Ceph is highly parallel so a large percentage of data will not be affected, however for the pieces of your dataset that are affected by a dying HDD Ceph will report “slow operations (or slow ops)” on the OSDs affected, from this an alert is sent and an admin can mark the OSD out of the cluster. At this point, Ceph will generate the data on that slow OSD elsewhere in the cluster, and the admin can replace the failing disk at their convenience.

Ceph also has a module called “diskprediction” where its job is to estimate the the disk will fail. It has a function where it can kick out an OSD it has deemed about to fail. Note that this feature is new as of the current stable release of Ceph (v14 Nautilus) and where it is based on data gathered will get more and more accurate as new releases become available.

➤ Can some OSD’s cause a performance decrease for a complete cluster?

See above answer

➤ Do additional drives need to be the same vendor or size?

They do not need to be the same vendor nor the same size, however when it comes to disk size you want to be careful to not have large variation in the density of the storage nodes. Your storage nodes should be as closely weighted as possible (i.e the same amount of total storage in both).
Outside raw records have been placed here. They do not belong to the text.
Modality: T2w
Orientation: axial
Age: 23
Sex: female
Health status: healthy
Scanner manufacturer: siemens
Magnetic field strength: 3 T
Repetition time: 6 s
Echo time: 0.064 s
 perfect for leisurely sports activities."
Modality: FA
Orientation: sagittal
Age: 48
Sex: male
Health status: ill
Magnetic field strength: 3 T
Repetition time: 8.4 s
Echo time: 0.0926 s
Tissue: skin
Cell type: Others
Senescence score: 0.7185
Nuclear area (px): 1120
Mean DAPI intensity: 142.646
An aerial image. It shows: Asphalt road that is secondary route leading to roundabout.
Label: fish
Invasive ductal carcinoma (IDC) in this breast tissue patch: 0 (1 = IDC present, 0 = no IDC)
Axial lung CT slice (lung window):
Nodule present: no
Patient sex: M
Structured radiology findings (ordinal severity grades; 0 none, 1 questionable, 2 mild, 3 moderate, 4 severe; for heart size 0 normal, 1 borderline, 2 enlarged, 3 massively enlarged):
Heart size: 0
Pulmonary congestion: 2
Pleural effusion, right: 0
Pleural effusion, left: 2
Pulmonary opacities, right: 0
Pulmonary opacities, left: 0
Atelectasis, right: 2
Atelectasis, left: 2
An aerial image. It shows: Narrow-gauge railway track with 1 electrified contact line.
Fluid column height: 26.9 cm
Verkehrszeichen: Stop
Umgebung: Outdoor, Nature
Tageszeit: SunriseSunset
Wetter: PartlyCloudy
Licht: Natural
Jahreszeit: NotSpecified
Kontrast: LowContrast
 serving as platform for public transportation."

So feel free to have a mixed capacity of disks but try to have them evenly balanced throughout all storage servers.

➤ How does Georeplication work?

https://www.youtube.com/watch?v=X5GIix2x3Pk

See ^ videos for multisite clusters

For filesystem (cephfs) we have built a tool that utilized rsync and cephfs “ctime” to intelligently send data to a remote filesytem. Note filesytem geo-replication is a one way replciation.

https://github.com/45Drives/cephgeorep

➤ Can the system control an onsite, and an offsite data set in one go?

See answer for “If CANARIE network access is possible (100Gb/s). How do we ensure multiple sites can have a working copy of scientific data and allow for site specific data? At some point, the site specific may be moved over to the multi-site datasets.”

➤ I noticed that samba is not in the dashboard, is that a separate function?

It currently is managed via ansible. It is on the roadmap for next release of Ceph Pacific v15.

➤ What happens if you lose some servers due to a power issue, does Ceph automatically heal when they come back online?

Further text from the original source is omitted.